Cómo leer correctamente la etiqueta
La composición indicada en el envase es la clave para entender lo que estás comprando. Los ingredientes siempre se enumeran en orden descendente según su proporción en el producto. Por eso, tu principal tarea es analizar detenidamente el principio de esta lista. La fórmula óptima es aproximadamente la siguiente: surimi (indicando el porcentaje, idealmente no menos del 40%), agua, almidón (de patata o de trigo), aceite vegetal, sal, azúcar y aromas naturales. Esta combinación significa que el producto contiene suficiente proteína de pescado para garantizar la textura adecuada y firme, y que el almidón se utiliza solo como estabilizante y no como relleno principal. Estas barritas tendrán una textura laminar agradable y un delicado sabor a pescado.
La situación cambia completamente si la lista comienza así: agua, almidón, proteína de soja, aceite vegetal, y el surimi aparece discretamente al final. Esta es una señal clara de que el fabricante ha reducido costos en el ingrediente principal, sustituyéndolo por componentes más baratos. Como resultado, corres el riesgo de encontrarte con una sustancia insípida, “gomosa” o, por el contrario, desmenuzable y harinosa, con un sabor químico persistente. Recuerda este indicador: un buen producto debe contener al menos un 35-40% de surimi. Un valor del 25% ya es el límite crítico, a partir del cual comienzan el dominio del almidón y las decepciones.
Tres pruebas sin abrir el paquete
Incluso sin abrir el envase, se puede saber mucho sobre la calidad del producto. Basta con realizar tres pruebas simples directamente en la tienda. La primera y más importante es la prueba de elasticidad. Dobla suavemente el blíster con los palitos. Un buen producto, rico en proteínas, será elástico: se doblará fácilmente y volverá a su forma original. Si al doblarlos los palitos crujen, se rompen o parecen duros como el plástico, es una señal clara de exceso de almidón.
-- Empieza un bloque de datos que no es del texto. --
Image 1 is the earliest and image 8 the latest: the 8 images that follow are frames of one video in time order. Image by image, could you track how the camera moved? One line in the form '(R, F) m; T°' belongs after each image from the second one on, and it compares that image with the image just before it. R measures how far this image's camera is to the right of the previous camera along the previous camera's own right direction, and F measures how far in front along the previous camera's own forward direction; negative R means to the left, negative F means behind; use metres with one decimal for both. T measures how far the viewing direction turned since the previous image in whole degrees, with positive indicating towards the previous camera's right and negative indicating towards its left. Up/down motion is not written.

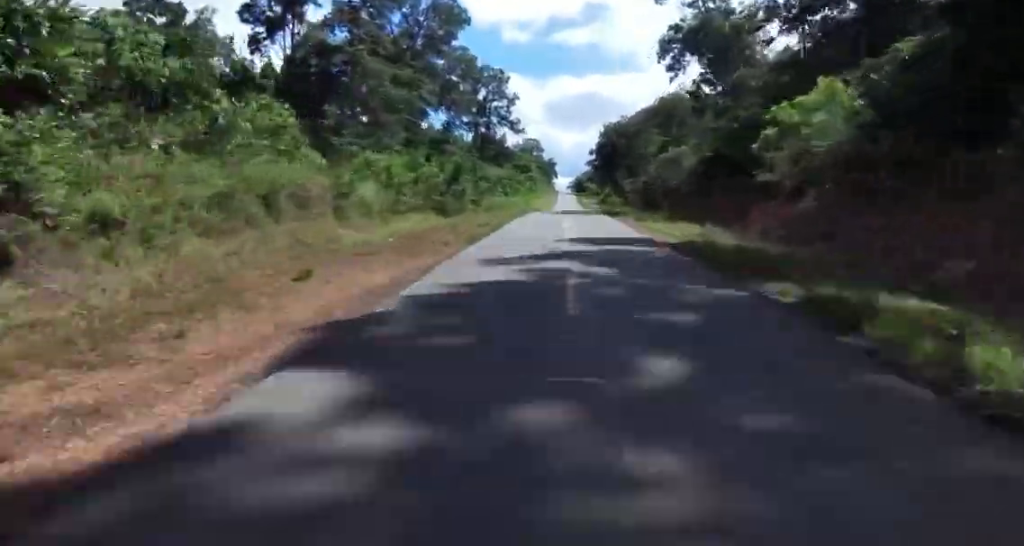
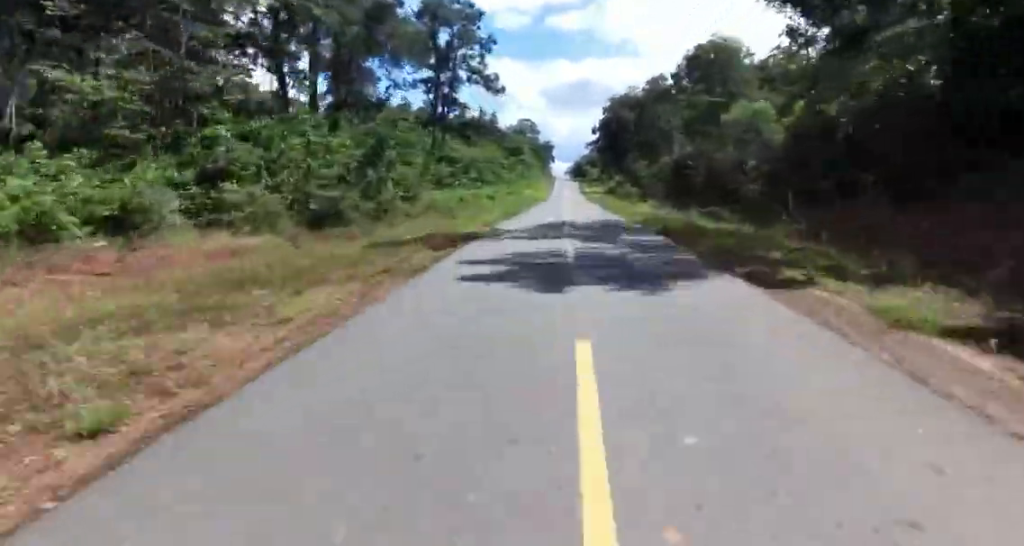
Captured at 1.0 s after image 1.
(+0.1, +29.5) m; +1°
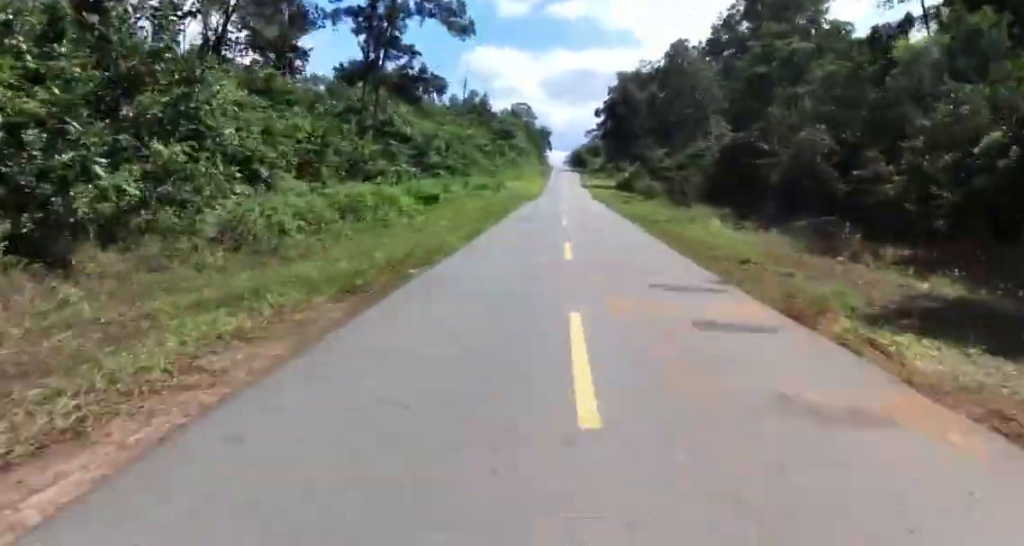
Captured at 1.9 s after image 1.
(+0.4, +23.5) m; +1°
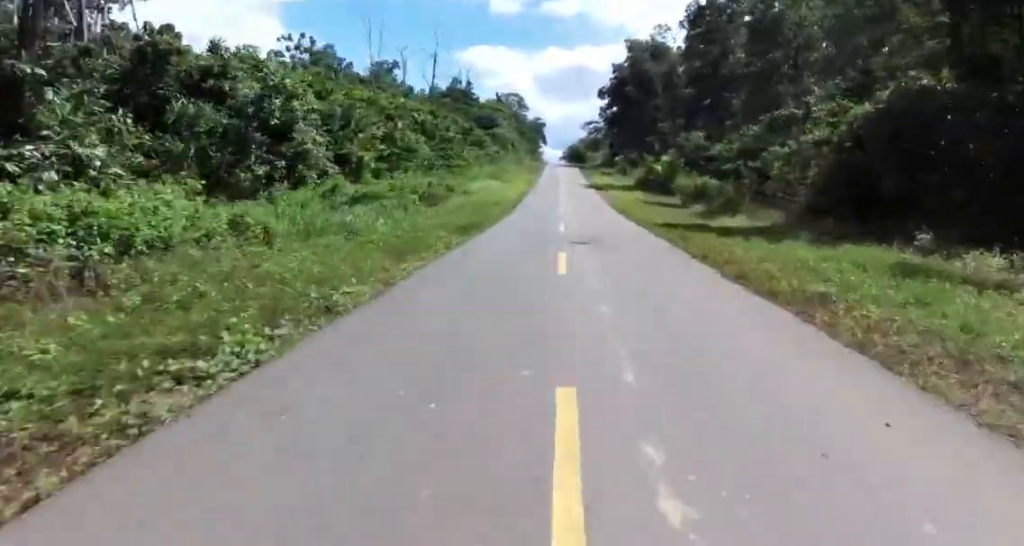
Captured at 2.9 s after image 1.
(0.0, +27.7) m; 0°
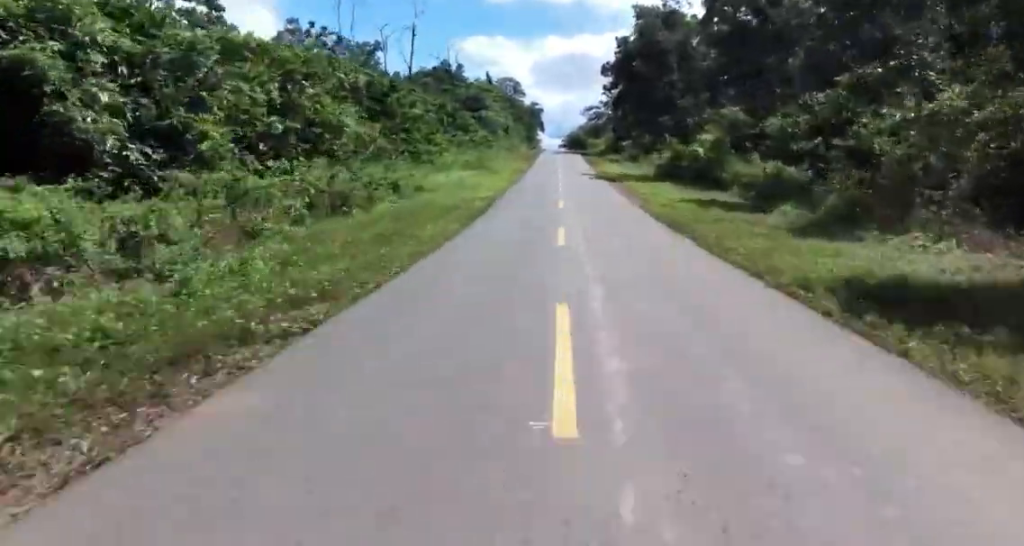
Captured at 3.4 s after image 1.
(0.0, +14.5) m; 0°
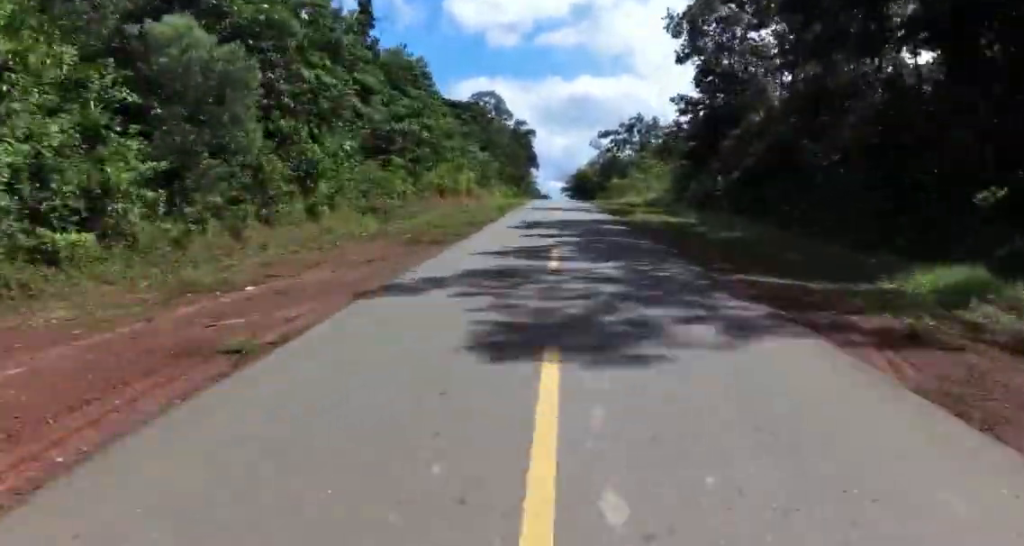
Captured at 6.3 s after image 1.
(0.0, +75.3) m; 0°
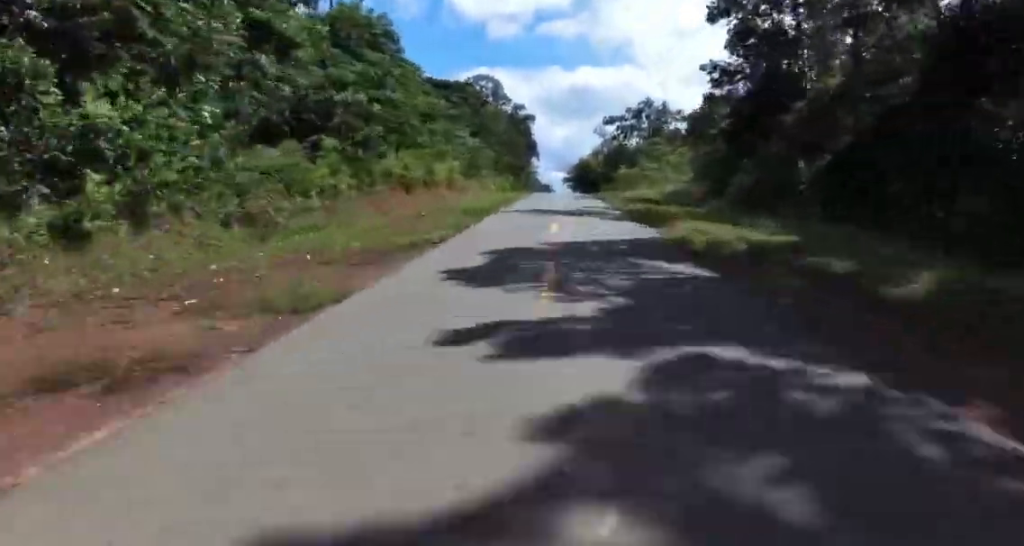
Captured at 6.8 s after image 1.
(0.0, +11.5) m; 0°
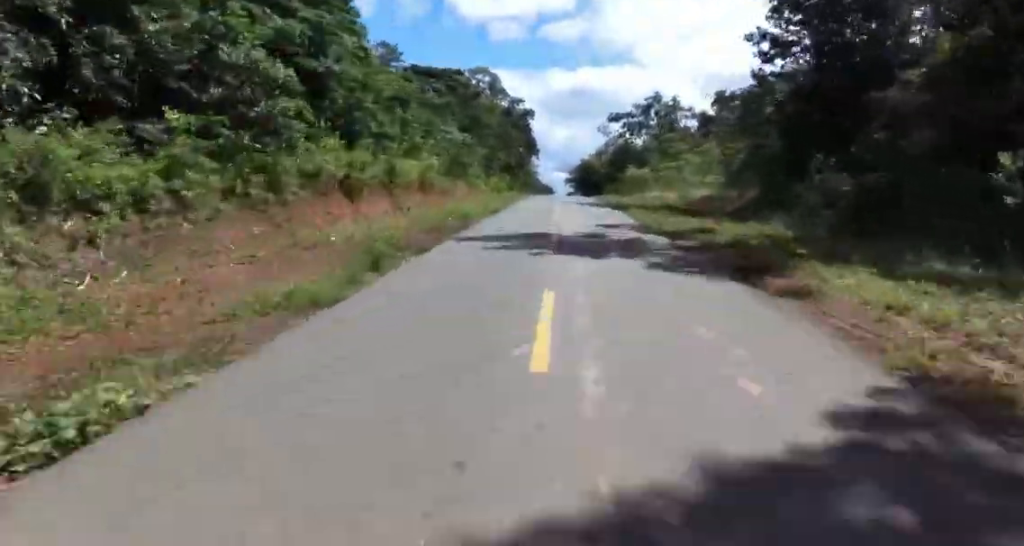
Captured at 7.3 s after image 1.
(0.0, +10.6) m; 0°

El segundo paso es la evaluación visual. Preste atención al color: debe ser natural, de tono rosado suave o crema, con posibles transiciones sutiles en el lado teñido. Un color demasiado intenso o “neón” indica un exceso de colorantes artificiales. Si el envase es transparente, observe el corte: en los palitos de buena calidad se aprecia claramente una estructura fibrosa y en capas que imita la carne. No debe haber manchas grises u oscuras, ya que esto puede señalar incumplimiento en la tecnología de producción o problemas en las condiciones de almacenamiento.
Finalmente, evalúe la forma y el estado general. Los palitos deben ser rectos, uniformes y sin daños ni bordes resecos. El recubrimiento de color debe aplicarse solo por un lado. Si el producto luce descuidado o la bolsa contiene muchas migas, es mejor dejarlo. Estas simples observaciones le ayudarán a tomar la decisión correcta incluso antes de llegar a la caja.
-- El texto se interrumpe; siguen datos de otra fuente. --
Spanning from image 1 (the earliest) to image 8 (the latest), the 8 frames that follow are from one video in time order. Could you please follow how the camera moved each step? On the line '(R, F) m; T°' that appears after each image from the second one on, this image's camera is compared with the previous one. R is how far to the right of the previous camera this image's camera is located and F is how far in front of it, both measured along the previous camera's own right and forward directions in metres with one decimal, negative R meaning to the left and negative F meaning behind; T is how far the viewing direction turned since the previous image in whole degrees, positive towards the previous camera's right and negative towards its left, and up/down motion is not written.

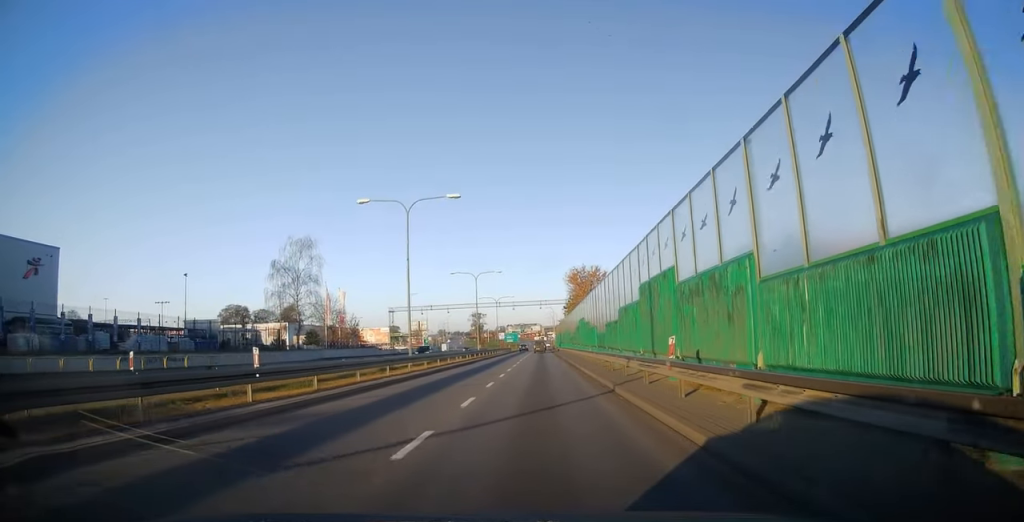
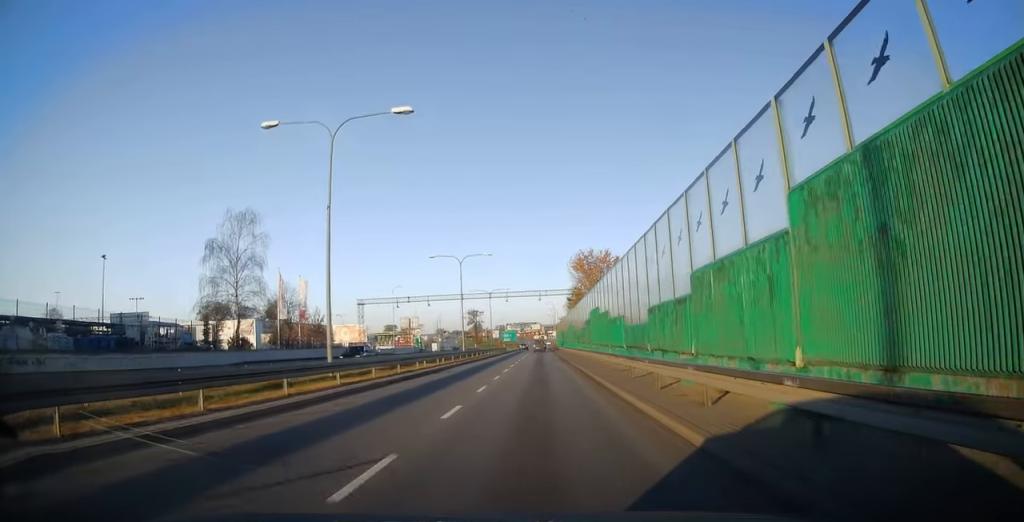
(-0.1, +14.1) m; 0°
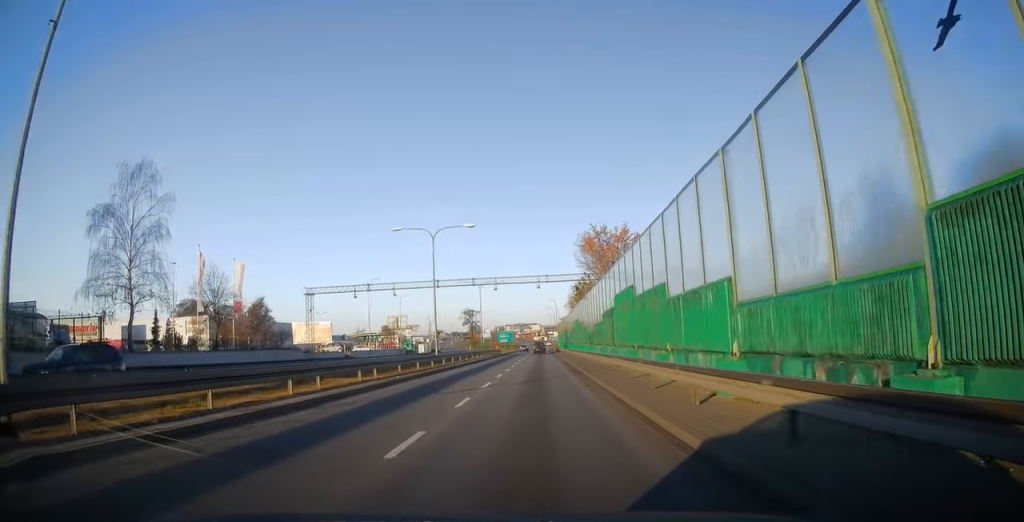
(+0.2, +15.7) m; +1°
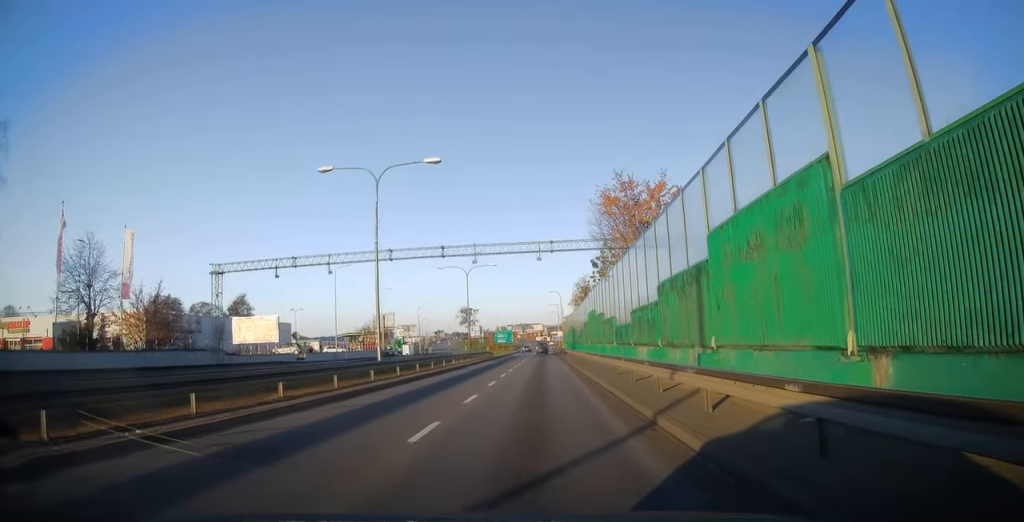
(0.0, +16.8) m; -1°
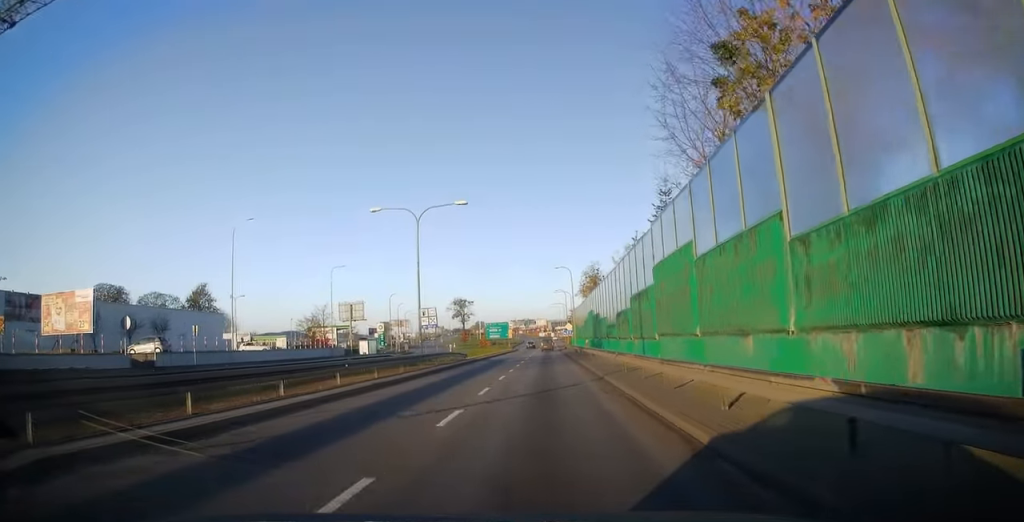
(-0.1, +28.6) m; +1°
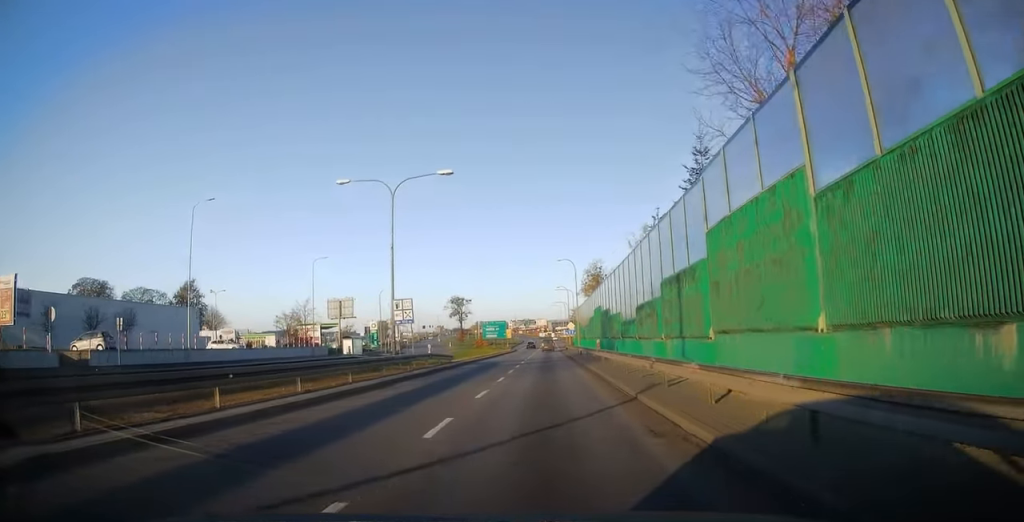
(+0.2, +7.1) m; 0°
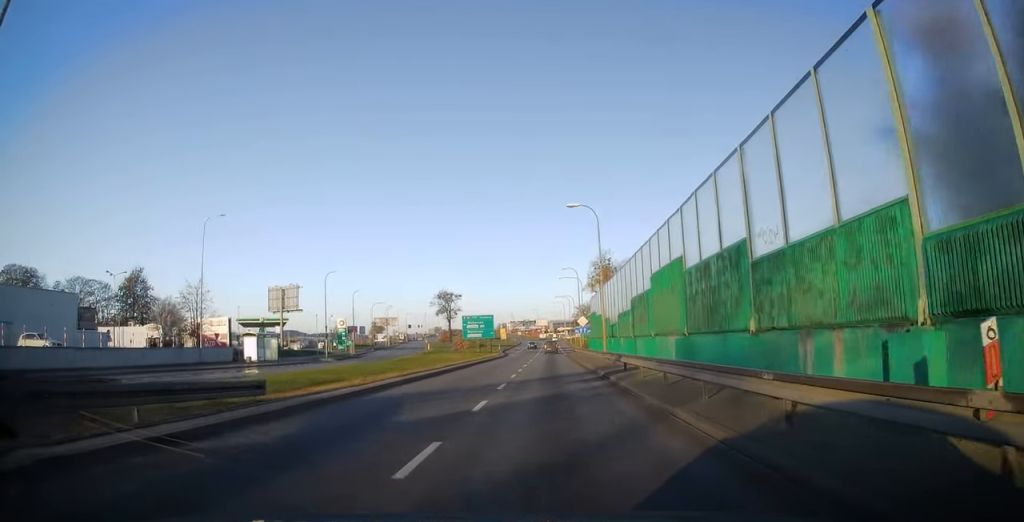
(-0.4, +27.1) m; -1°
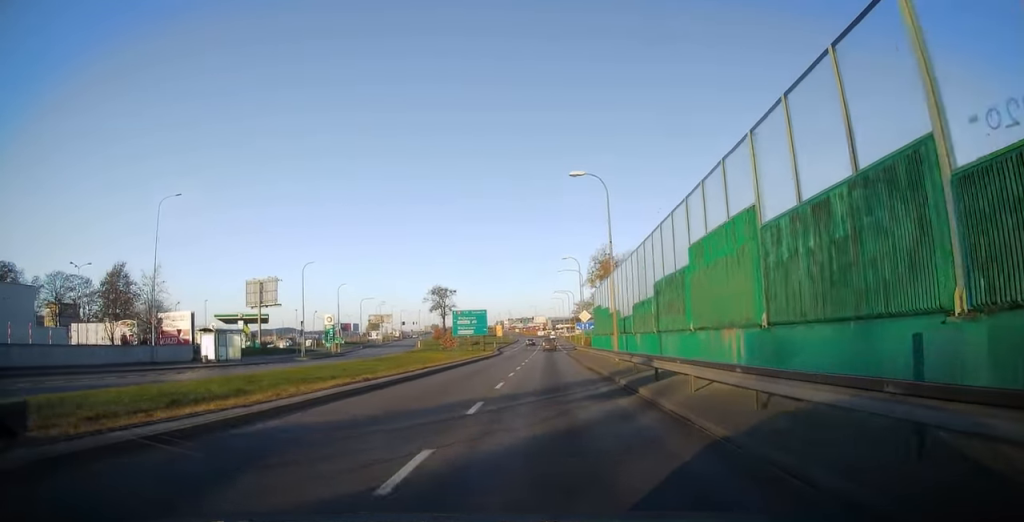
(0.0, +6.9) m; 0°

Cabe señalar que España es uno de los mayores consumidores de productos a base de surimi en Europa. Los “palitos de cangrejo” son extremadamente populares aquí y constituyen un ingrediente imprescindible en numerosos tipos de tapas y ensaladas, incluida la famosa “ensaladilla rusa”. Además de los palitos, el mercado español ofrece una amplia variedad de otros productos de surimi, como las “gulas”, una imitación de angulas que suele servirse con ajo y guindilla. Las principales materias primas para la producción del surimi que se comercializa en España suelen ser la merluza y el abadejo de Alaska, capturados en los océanos Atlántico y Pacífico. Los fabricantes españoles, como Angulas Aguinaga, son líderes no solo en el mercado nacional, sino también a nivel internacional.